For running local models, refer to `run_local.sh`. We use [vLLM](https://github.com/vllm-project/vllm) for local model serving.


### Agent Scaffolds and Packages
We currently support:
1. Agents with originally supported action space in `mledojo`, named **MLE Agent**.
   
2. [AIDE](https://github.com/WecoAI/aideml) (AI-Driven Exploration), an LLM agent that starts by generating a set of initial solution drafts and then iteratively refines and improves them based on performance feedback. We modify the source of the feedback from direct code outputs to `mle-dojo` environment feedback.
   
3. [OpenAI Agents](https://openai.github.io/openai-agents-python/), a package that enables building agentic AI apps with abstractions.

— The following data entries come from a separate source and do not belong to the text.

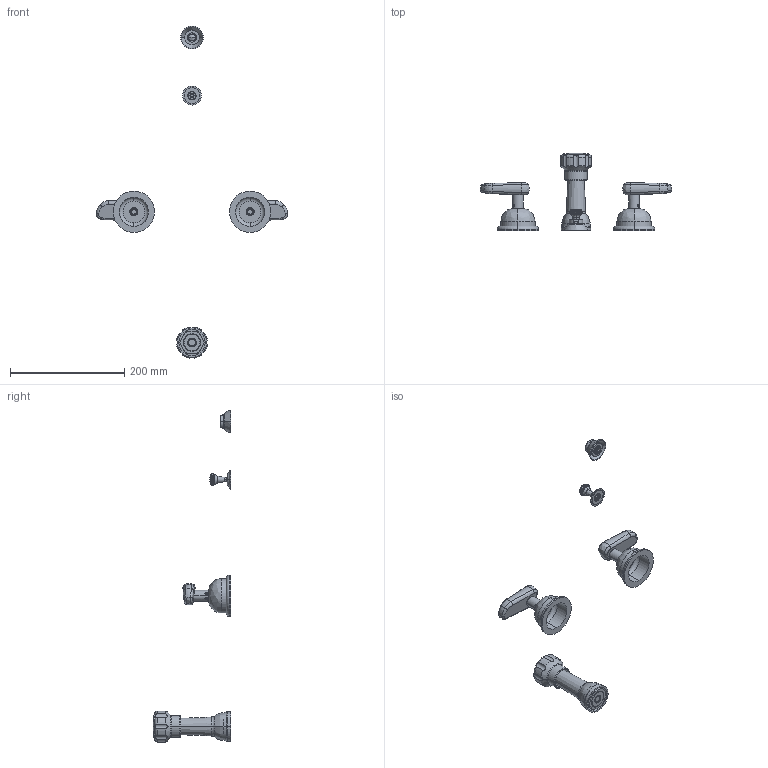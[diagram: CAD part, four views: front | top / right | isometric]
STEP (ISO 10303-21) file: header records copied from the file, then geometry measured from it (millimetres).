
FILE_DESCRIPTION((''),'2;1');
FILE_NAME('G1509','2011-08-29T',('ravindrashirol'),(''),'PRO/ENGINEER BY PARAMETRIC TECHNOLOGY CORPORATION, 2009300','PRO/ENGINEER BY PARAMETRIC TECHNOLOGY CORPORATION, 2009300','');
FILE_SCHEMA(('CONFIG_CONTROL_DESIGN'));
Length unit declared in the file: inch
Products named in the file (1): G1509
Bounding box: 334.35 x 135.97 x 580.53 mm (x, y, z)
Volume: 193209.4 mm3; surface area: 136932.1 mm2
Topology: 13 solids, 23 shells, 1570 faces, 4201 edges, 2634 vertices
Faces by surface type: cylinder 615, plane 410, bspline 261, cone 158, torus 112, sphere 8, revolution 6
Entity records: 82663 total; most frequent: CARTESIAN_POINT 47063, ORIENTED_EDGE 8348, DIRECTION 6012, EDGE_CURVE 4189, VERTEX_POINT 2634, AXIS2_PLACEMENT_3D 2293, B_SPLINE_CURVE_WITH_KNOTS 1786, EDGE_LOOP 1664

We implement a version of **MLE Agent** with `openai-agents` package.

## 🌟 Develop with `mledojo`

### `mledojo` Interface and APIs
We provide [quick examples](example/example.ipynb) of APIs.
MLE-Dojo provides flexible Gym-style APIs that allow users to build personalized environments, introduce new datasets and develop/utilize different agent scaffolds.
Specifically, `mledojo` serves a powerful and flexible toolkit for interacting with machine learning competitions, designed for ease of use and extensibility. Its core components offer a seamless development experience:

1. **`Interface`**: Provides the primary way to interact with a competition. It manages distinct sub-interfaces for specific tasks:
    *   `InfoInterface`: Fetches competition details (overview, data structure, etc.).
    *   `CodeValidationInterface`: Performs **safe, preliminary checks** on user code syntax and basic runtime behavior within a sandbox.
    *   `CodeExecutionInterface`: Manages the **full execution of user code** within the sandbox, handles submission generation, and triggers evaluation.
    *   **Flexibility**: The `Interface` is **modular**, allowing developers to easily **register custom interaction components** tailored to specific needs.

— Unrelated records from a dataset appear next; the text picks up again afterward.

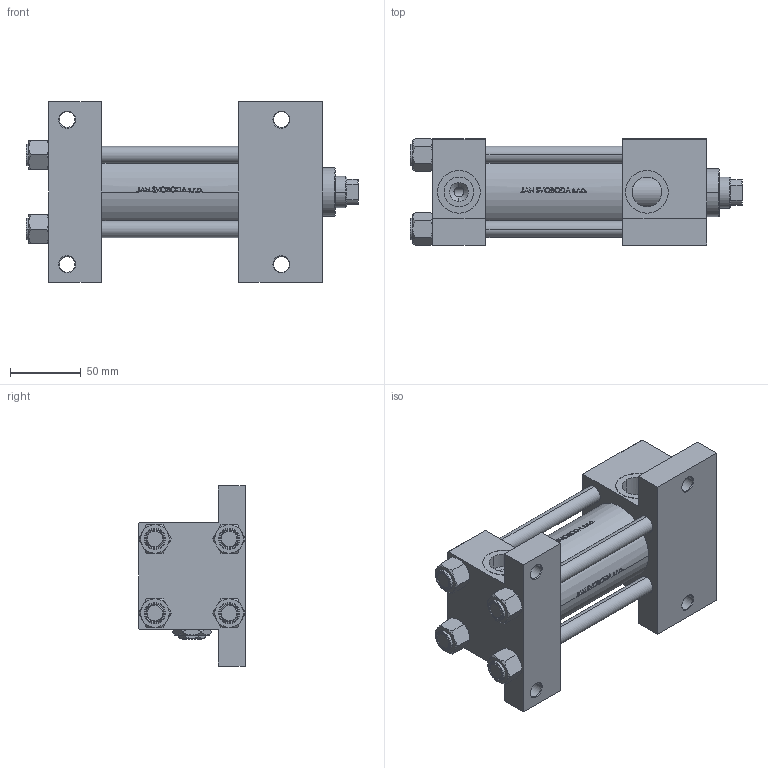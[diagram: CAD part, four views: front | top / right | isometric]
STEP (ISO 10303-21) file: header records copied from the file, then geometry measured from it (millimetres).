
FILE_DESCRIPTION (( 'STEP AP203' ), '1' );
FILE_NAME ('3e4e.STEP', '2023-08-25T09:06:16', ( '' ), ( '' ), 'SwSTEP 2.0', 'SolidWorks 2019', '' );
FILE_SCHEMA (( 'CONFIG_CONTROL_DESIGN' ));
Length unit declared in the file: millimetre
Products named in the file (7): V215CR_G_Body cd8c5f5118a75dd9538008a8f667deb5; V215_VC_A cd8c5f5118a75dd9538008a8f667deb5; NUT_M5_G cd8c5f5118a75dd9538008a8f667deb5; V215CR_VCP_G cd8c5f5118a75dd9538008a8f667deb5; 3e4e; V215CR_G_TYCINKA cd8c5f5118a75dd9538008a8f667deb5; Zatka_pro_OIL_PORT cd8c5f5118a75dd9538008a8f667deb5
Assembly tree (12 placements, depth 2):
  3e4e
    V215CR_G_Body cd8c5f5118a75dd9538008a8f667deb5
    V215CR_VCP_G cd8c5f5118a75dd9538008a8f667deb5
    V215CR_G_TYCINKA cd8c5f5118a75dd9538008a8f667deb5  x4
    NUT_M5_G cd8c5f5118a75dd9538008a8f667deb5  x4
    V215_VC_A cd8c5f5118a75dd9538008a8f667deb5
    Zatka_pro_OIL_PORT cd8c5f5118a75dd9538008a8f667deb5
Bounding box: 234 x 75.54 x 127 mm (x, y, z)
Volume: 804352.5 mm3; surface area: 182867.5 mm2
Topology: 12 solids, 12 shells, 1134 faces, 2856 edges, 1831 vertices
Faces by surface type: plane 454, bspline 380, cone 164, cylinder 128, torus 8
Entity records: 49175 total; most frequent: CARTESIAN_POINT 26507, ORIENTED_EDGE 5204, DIRECTION 3226, EDGE_CURVE 2602, VERTEX_POINT 1687, LINE 1330, VECTOR 1330, EDGE_LOOP 1121

2. **`Sandbox`**: Ensures **secure and fair code execution** by running user scripts in an isolated environment with **configurable resource limits** (GPU, memory, time).

3. **`FeedbackManager`**: Processes the results from validation and execution, generating **structured and informative feedback**.
    *   **Extensibility**: Designed to be extensible, allowing the **registration of custom feedback providers** (e.g., LLM-based analysis, specific error pattern detection) alongside the default `BaseFeedback`.

4. **`KaggleEnvironment`**: The main entry point, wrapping all components into a **standardized, Gymnasium-compatible environment**. It orchestrates the entire workflow (setup, action handling via `step`, state tracking, feedback generation) providing a consistent API for users or automated agents.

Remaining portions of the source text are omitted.